Anthony Williams has a nice comprehensive answer.
What about this solution:
template<typename Derived, typename Base>
class SharedCovariant : public shared_ptr<Base>
{
public:
typedef Base BaseOf;
SharedCovariant(shared_ptr<Base> & container) :
shared_ptr<Base>(container)
{
}
shared_ptr<Derived> operator ->()
{
return boost::dynamic_pointer_cast<Derived>(*this);
}
};
e.g:
struct A {};
struct B : A {};
struct Test
{
shared_ptr<A> get() {return a_; }
shared_ptr<A> a_;
};
typedef SharedCovariant<B,A> SharedBFromA;
struct TestDerived : Test
{
SharedBFromA get() { return a_; }
};
Here is my attempt :
template<class T>
class Child : public T
{
public:
typedef T Parent;
};
template<typename _T>
class has_parent
{
private:
typedef char One;
typedef struct { char array[2]; } Two;
template<typename _C>
static One test(typename _C::Parent *);
template<typename _C>
static Two test(...);
public:
enum { value = (sizeof(test<_T>(nullptr)) == sizeof(One)) };
};
class A
{
public :
virtual void print() = 0;
};
class B : public Child<A>
{
public:
void print() override
{
printf("toto \n");
}
};
template<class T, bool hasParent = has_parent<T>::value>
class ICovariantSharedPtr;
template<class T>
class ICovariantSharedPtr<T, true> : public ICovariantSharedPtr<typename T::Parent>
{
public:
T * get() override = 0;
};
template<class T>
class ICovariantSharedPtr<T, false>
{
public:
virtual T * get() = 0;
};
template<class T>
class CovariantSharedPtr : public ICovariantSharedPtr<T>
{
public:
CovariantSharedPtr(){}
CovariantSharedPtr(std::shared_ptr<T> a_ptr) : m_ptr(std::move(a_ptr)){}
T * get() final
{
return m_ptr.get();
}
private:
std::shared_ptr<T> m_ptr;
};
And a little example :
class UseA
{
public:
virtual ICovariantSharedPtr<A> & GetPtr() = 0;
};
class UseB : public UseA
{
public:
CovariantSharedPtr<B> & GetPtr() final
{
return m_ptrB;
}
private:
CovariantSharedPtr<B> m_ptrB = std::make_shared<B>();
};
int _tmain(int argc, _TCHAR* argv[])
{
UseB b;
UseA & a = b;
a.GetPtr().get()->print();
}
Explanations :
This solution implies meta-progamming and to modify the classes used in covariant smart pointers.

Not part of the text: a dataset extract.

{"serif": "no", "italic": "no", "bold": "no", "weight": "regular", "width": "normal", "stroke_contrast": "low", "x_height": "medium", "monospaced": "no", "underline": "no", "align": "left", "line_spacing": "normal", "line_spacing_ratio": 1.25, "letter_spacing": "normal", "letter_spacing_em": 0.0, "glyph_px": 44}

The simple template struct Child is here to bind the type Parent and inheritance. Any class inheriting from Child<T> will inherit from T and define T as Parent. The classes used in covariant smart pointers needs this type to be defined.

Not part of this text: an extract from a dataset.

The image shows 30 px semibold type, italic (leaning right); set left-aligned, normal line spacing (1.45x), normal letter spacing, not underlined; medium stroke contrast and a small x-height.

The class has_parent is used to detect at compile time if a class defines the type Parent or not. This part is not mine, I used the same code as to detect if a method exists (see here)

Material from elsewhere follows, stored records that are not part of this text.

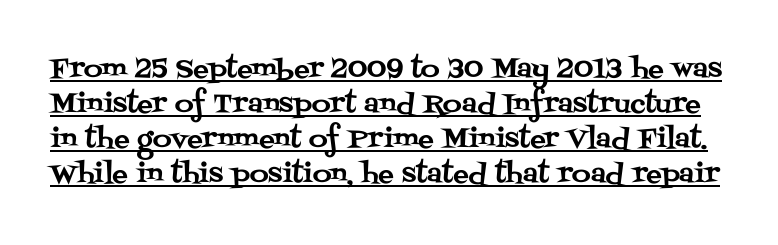
The passage shown stacks its lines at a standard gap. Like a heading marked for emphasis, these lines bear an underscore. The passage shown has conventional tracking throughout. Posture: vertical.
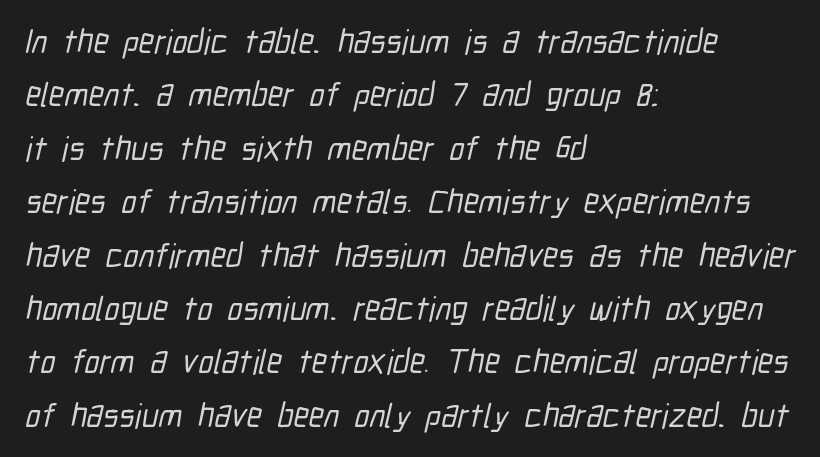
Which margin do the lines hug? The left one — the right edge is uneven. Regular leading. The gap between lines stays unmarked. Do the characters align in a grid? No, the font is proportional.
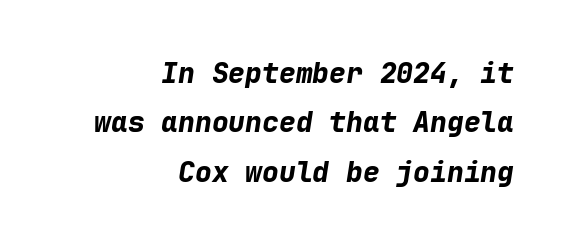
{"italic": "yes", "lean": "right", "slant_degrees": 9, "bold": "yes", "weight": "bold", "width": "normal", "stroke_contrast": "low", "x_height": "medium", "monospaced": "yes", "underline": "no", "align": "right", "line_spacing_ratio": 1.76, "letter_spacing": "normal", "letter_spacing_em": 0.0, "glyph_px": 28}

As we want covariance with smart pointers, we want our smart pointers to mimic the existing class architecture. It's easier to explain how it works in the example.
When a CovariantSharedPtr<B> is defined, it inherits from ICovariantSharedPtr<B>, which is interpreted as ICovariantSharedPtr<B, has_parent<B>::value>. As B inherits from Child<A>, has_parent<B>::value is true, so ICovariantSharedPtr<B> is ICovariantSharedPtr<B, true> and inherits from ICovariantSharedPtr<B::Parent> which is ICovariantSharedPtr<A>. As A has no Parent defined, has_parent<A>::value is false, ICovariantSharedPtr<A> is ICovariantSharedPtr<A, false> and inherits from nothing.
The main point is as Binherits from A, we have ICovariantSharedPtr<B>inheriting from ICovariantSharedPtr<A>. So any method returning a pointer or a reference on ICovariantSharedPtr<A> can be overloaded by a method returning the same on ICovariantSharedPtr<B>.
Mr Fooz answered part 1 of your question. Part 2, it works this way because the compiler doesn't know if it will be calling AInterface::get_r or A1::get_r at compile time - it needs to know what return value it's going to get, so it insists on both methods returning the same type. This is part of the C++ specification.
For the workaround, if A1::get_r returns a pointer to RetInterface, the virtual methods in RetInterface will still work as expected, and the proper object will be deleted when the pointer is destroyed. There's no need for different return types.
maybe you could use an out parameter to get around "covariance with returned boost shared_ptrs.
void get_r_to(boost::shared_ptr<RetInterface>& ) ...
since I suspect a caller can drop in a more refined shared_ptr type as argument.